A proposed $140 billion government-run trust fund to pay claims from people injured by asbestos would have to borrow money in its early years of operation, and it might or might not have sufficient funds to pay all the claims submitted to it during its expected 50-year life span, according to a study by the Congressional Budget Office.

The CBO estimated that the total value of the claims submitted to the fund over the 50 years could be $120 billion to $150 billion, not including debt service and administrative costs. Defendant companies, their insurers and others are expected to pay up to $140 billion into the fund. But the CBO said payments "could be significantly less."

"Consequently, the fund may have sufficient resources to pay all asbestos claims over the next 50 years, but depending on claim rates, borrowing, and other factors, its resources may be insufficient to pay all such claims," the budget office concluded.

Chairman Arlen Specter (R-Pa.) of the Senate Judiciary Committee and Sen. Patrick J. Leahy (D-Vt.), the ranking minority member of the panel, which approved legislation in June to set up the fund, said they welcomed the CBO's analysis, which they said in a statement showed their bill "will raise sufficient funds to fairly compensate asbestos victims."
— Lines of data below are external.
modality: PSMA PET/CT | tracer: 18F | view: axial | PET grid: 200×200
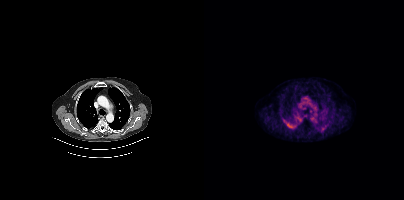
No PSMA-avid tumor lesions on this slice.
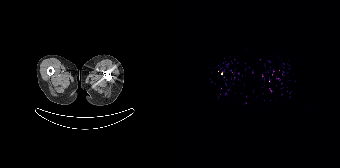
{"modality":"PSMA PET/CT","view":"axial","tracer":"18F-PSMA","pet_grid":[168,168],"coord_frame":"pet_panel","coord_format":"x0,y0,x1,y1","psma_avid_lesions":false}
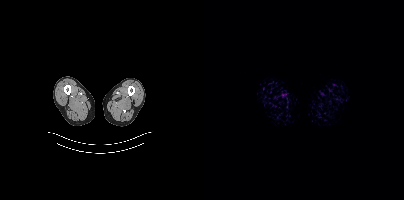
No tumor lesions annotated on this slice.
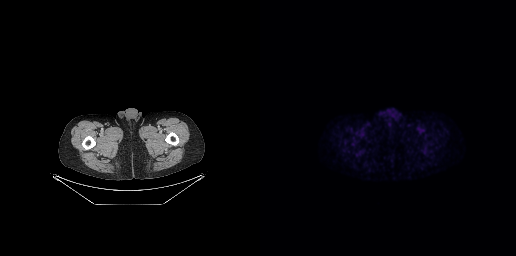
No PSMA-avid tumor lesions on this slice.
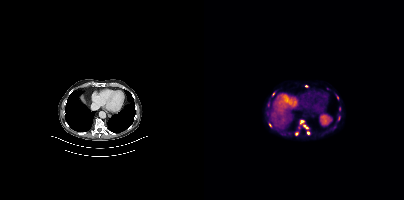
Technique: Left: CT. Right: PSMA PET, same axial level, [18F]PSMA-1007 tracer. acquired on Siemens Biograph mCT Flow 20. slice position z = -578 mm. PET panel 200×200 px (4.1 mm/px).
Findings: Coordinates are on the 200×200 PET (right) panel. PSMA-avid tumor lesion bounding boxes (x0, y0)-(x1, y1): (96, 120)-(100, 123); (99, 125)-(104, 128). Small PSMA-avid foci (2 to 4 px across) near (center x, center y): (66, 125); (92, 133); (104, 133); (102, 86); (69, 94); (134, 117); (135, 108).
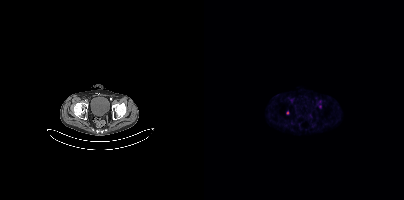
Coordinates are on the 200×200 PET (right) panel. (showing 1 of 2 foci) Small PSMA-avid focus (2 to 4 px across) near (center x, center y): (83, 112).
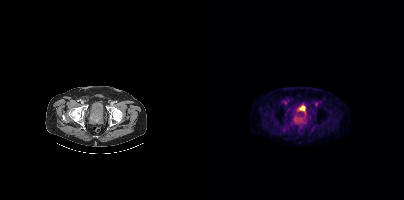
{"modality":"PSMA PET/CT","view":"axial","tracer":"[18F]PSMA-1007","pet_grid":[200,200],"coord_frame":"pet_panel","coord_format":"x0,y0,x1,y1","partial":true,"lesion_bboxes":[],"small_foci_centers":[[92,118]]}
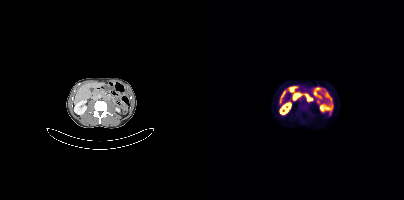
Technique: Left: CT. Right: PSMA PET, same axial level, 18F tracer. acquired on Siemens Biograph mCT Flow 20. slice position z = -1252 mm.
Findings: No PSMA-avid tumor lesions on this slice.
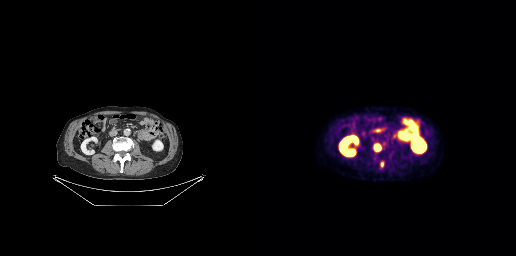
Left: CT. Right: PSMA PET, same axial level, [18F]PSMA-1007 tracer. Acquired on GE Discovery 690. PET panel 256×256 px (2.7 mm/px).
Coordinates are on the 256×256 PET (right) panel. PSMA-avid tumor lesion bounding boxes (partial; 1 more focus not listed):
| # | x0 | y0 | x1 | y1 |
|---|---|---|---|---|
| 1 | 114 | 144 | 120 | 151 |
| 2 | 122 | 140 | 127 | 146 |
| 3 | 120 | 161 | 124 | 167 |
| 4 | 117 | 131 | 121 | 133 |
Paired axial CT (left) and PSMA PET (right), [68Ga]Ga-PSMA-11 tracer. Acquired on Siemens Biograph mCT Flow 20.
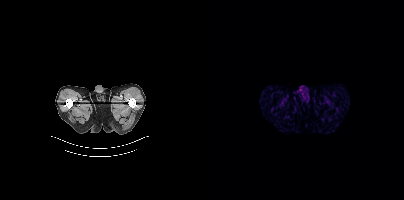
Negative for PSMA-avid disease on this slice.
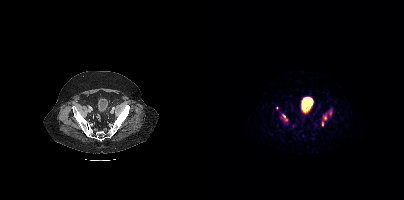
Findings: Coordinates are on the 200×200 PET (right) panel. PSMA-avid tumor lesion bounding boxes (x0, y0)-(x1, y1): (117, 108)-(128, 125) | (78, 114)-(83, 120). Small PSMA-avid focus (2 to 4 px across) near (center x, center y): (72, 108).
- Paired axial CT (left) and PSMA PET (right), 68Ga-PSMA tracer
- acquired on Siemens Biograph mCT Flow 20
- slice position z = 367 mm
- PET panel 200×200 px (4.1 mm/px)
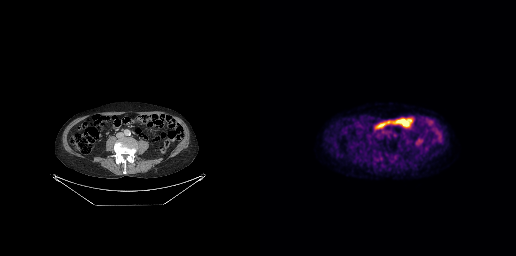
Left: CT. Right: PSMA PET, same axial level, 18F tracer. Acquired on GE Discovery 690. PET panel 256×256 px (2.7 mm/px). Only PSMA-avid lesion pieces thinner than 2 px on this slice (not listed).
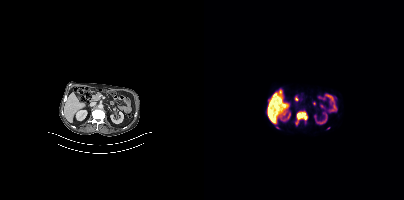
Findings: Coordinates are on the 200×200 PET (right) panel. PSMA-avid tumor lesion bounding box (x, y, width, height): x=92 y=112 w=12 h=13. Small PSMA-avid foci (2 to 4 px across) near (center x, center y): (73, 127); (124, 128).
- Paired axial CT (left) and PSMA PET (right), 18F-PSMA tracer
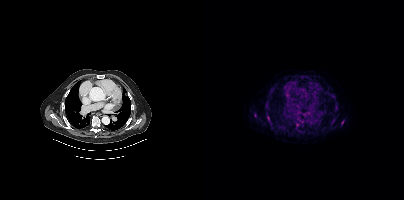
Findings: Coordinates are on the 200×200 PET (right) panel. (showing 4 of 6 foci) Small PSMA-avid foci (2 to 4 px across) near (center x, center y): (64, 117) | (93, 125) | (51, 115) | (138, 122).
- Paired axial CT (left) and PSMA PET (right), [18F]PSMA-1007 tracer
- slice position z = -463 mm
- PET panel 200×200 px (4.1 mm/px)
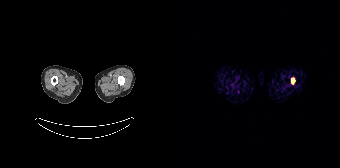
{"modality":"PSMA PET/CT","view":"axial","tracer":"68Ga","pet_grid":[168,168],"coord_frame":"pet_panel","coord_format":"x0,y0,x1,y1","lesion_bboxes":[[119,78,121,83]]}
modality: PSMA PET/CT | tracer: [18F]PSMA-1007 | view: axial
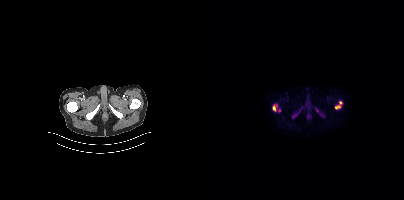
Coordinates are on the 200×200 PET (right) panel. PSMA-avid tumor lesion bounding boxes (x, y, width, height): x=131 y=101 w=8 h=9 | x=88 y=114 w=4 h=5 | x=68 y=106 w=5 h=6 | x=112 y=108 w=3 h=5. Small PSMA-avid foci (2 to 4 px across) near (center x, center y): (72, 104) | (75, 110).
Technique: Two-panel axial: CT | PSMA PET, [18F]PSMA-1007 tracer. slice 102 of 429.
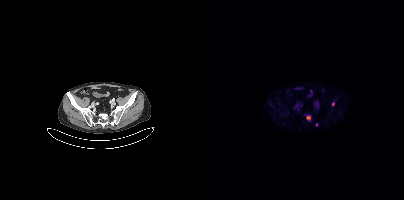
Findings: Coordinates are on the 200×200 PET (right) panel. PSMA-avid tumor lesion bounding box (x0, y0)-(x1, y1): (102, 116)-(106, 119). Small PSMA-avid foci (2 to 4 px across) near (center x, center y): (129, 103) / (112, 125).

The two senators called it "reassuring to see CBO project $132 billion as adequate to pay the claims," which shows that "our legislation with $140 billion is reasonable and realistically calculated to cover the claims."

However, there remains much dissent about the measure, and its future is uncertain.

Michael E. Baroody, speaking for the Asbestos Alliance, a group of companies and trade groups in favor of the bill, saw "plenty of good news" in the CBO report and said, "It is important to remember that borrowing and related costs would be borne by contributors to the fund, not the federal government."

However, opponents called the report evidence that the trust fund wouldn't work.

"This proposal would place all the burden on asbestos victims, denying thousands the help they need to cope with the devastating health and financial consequences of asbestos-related cancer," said Kenneth M. Suggs, president of the Association of Trial Lawyers of America.

As approved by the committee, the bill would pay victims of asbestos amounts ranging from $25,000 to $1.1 million, depending on the seriousness of their disease. Future claims and pending suits against companies would be halted and the cases shifted to the trust fund.

The CBO said it expects that in the first 10 years the fund would collect about $63 billion for insurers and companies with asbestos claims and would pay out nearly $70 billion in claims and other costs. CBO estimated that the fund would have to borrow the rest.

Claims would taper off in later years, however, making it possible for the fund to meet all its obligations, the agency said.

Asbestos-related ailments have sickened tens of thousands of Americans, mostly workers but sometimes their families as well, with a variety of lung ailments, including a fast-moving and usually fatal form of cancer known as mesothelioma.

These ailments have sparked thousands of lawsuits, resulting in billions of dollars in damages awarded. Some 77 companies have been forced into bankruptcy.

Congress has been struggling for years to resolve the asbestos liability problem. All previous efforts have foundered over costs, allocation of damages and other issues.

Sens. Arlen Specter, left, and Patrick J. Leahy, backers of pending legislation creating an asbestos trust fund, say a CBO analysis confirms their estimates.